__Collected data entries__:
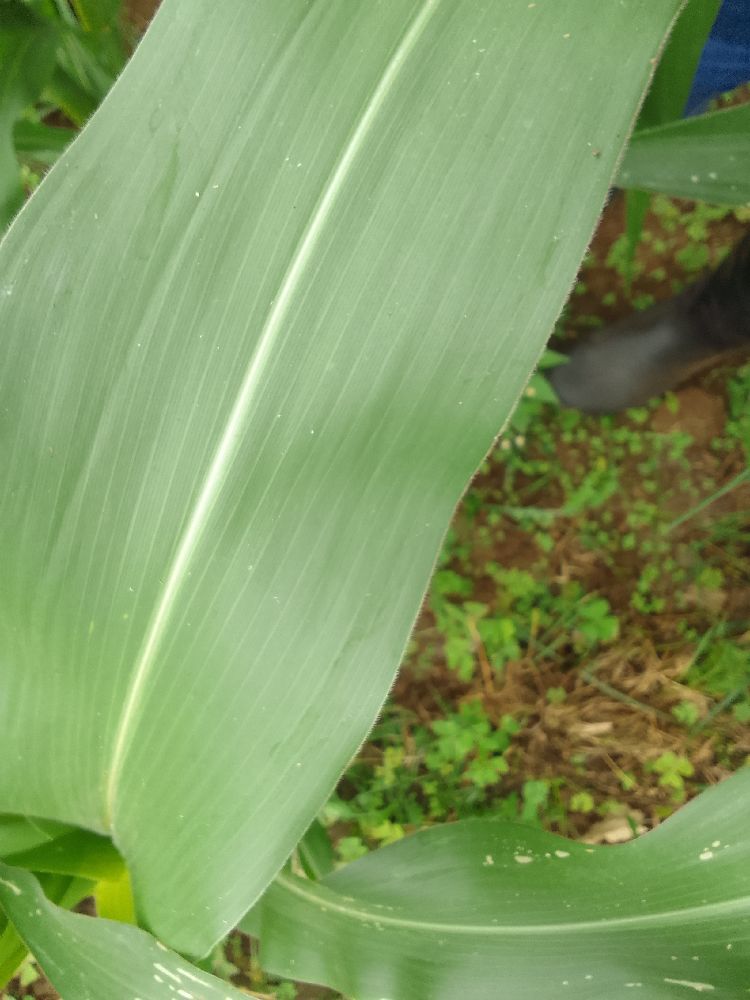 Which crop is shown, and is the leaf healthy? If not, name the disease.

maize, healthy
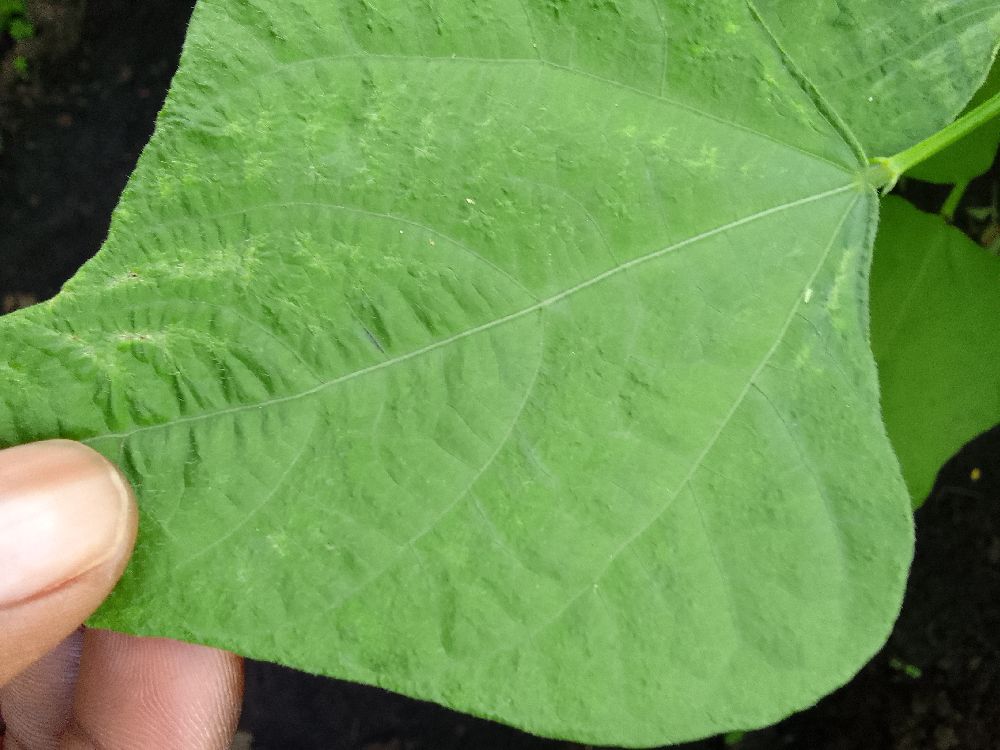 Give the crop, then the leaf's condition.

common bean, healthy
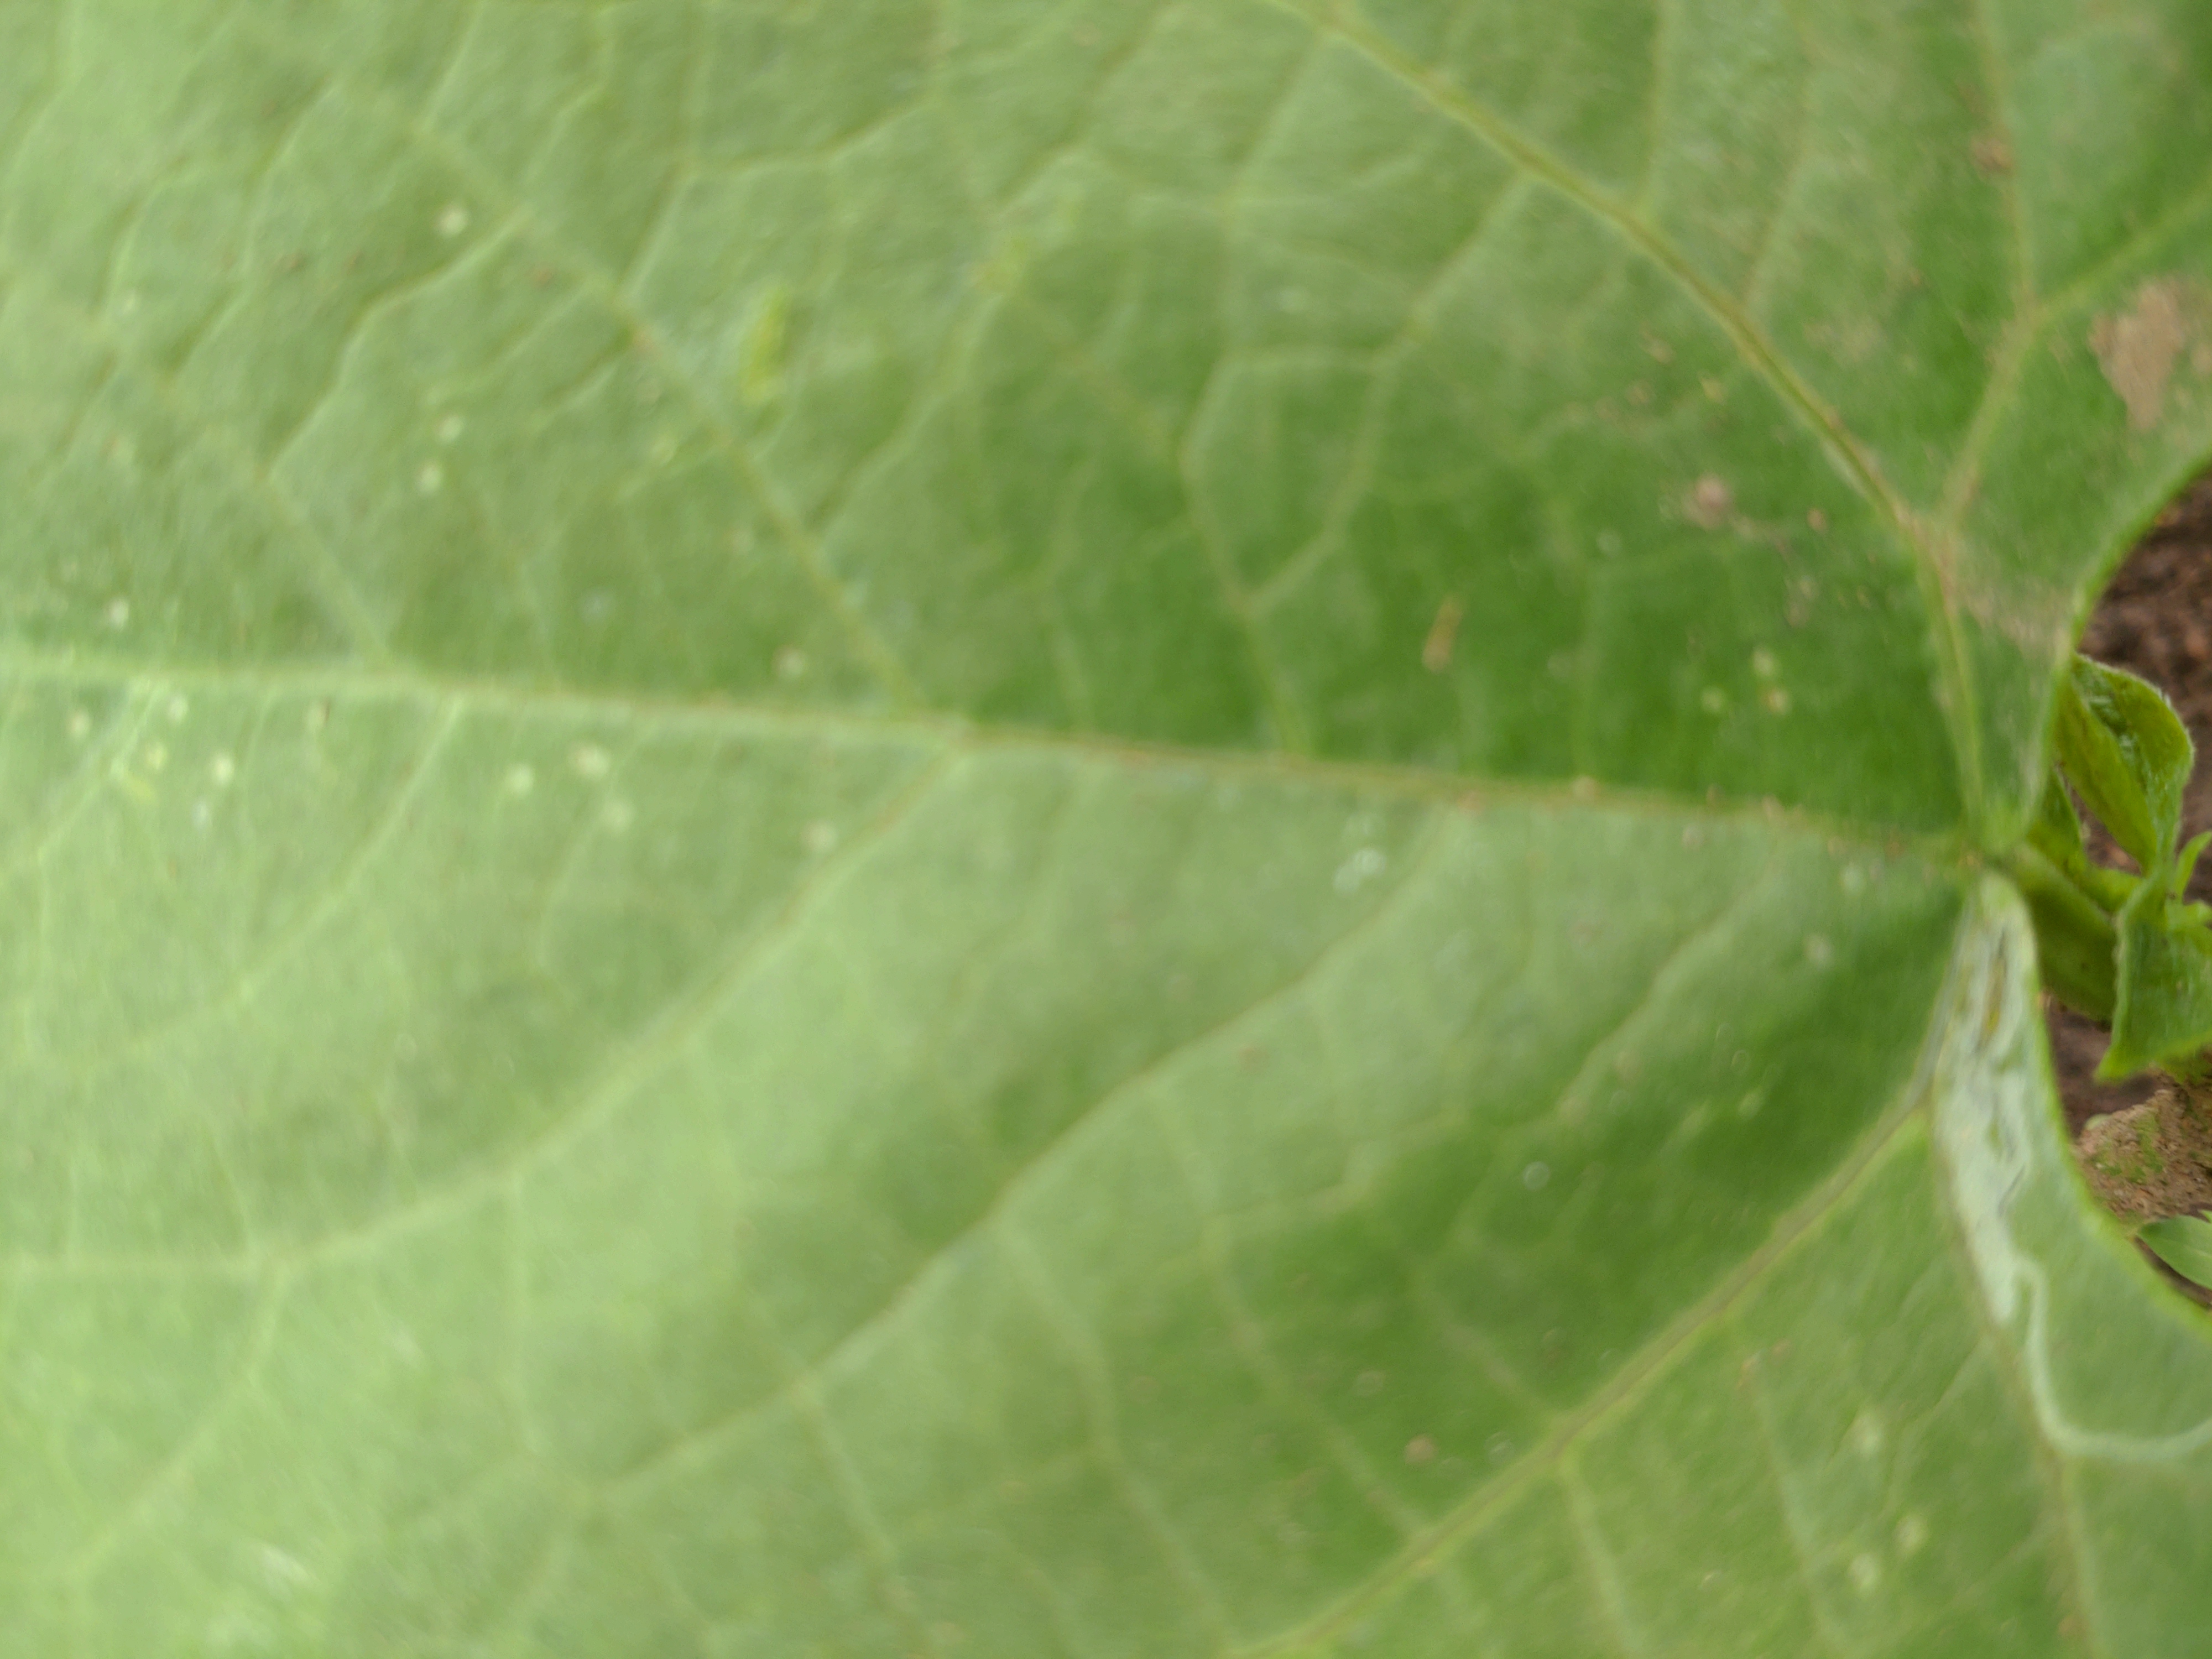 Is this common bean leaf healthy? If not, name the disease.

__Exercise objective__: Copy the records exactly. Skip the pictures.

__Solution__:
 Which crop is shown, and is the leaf healthy? If not, name the disease.

maize, healthy
 Give the crop, then the leaf's condition.

common bean, healthy
 Is this common bean leaf healthy? If not, name the disease.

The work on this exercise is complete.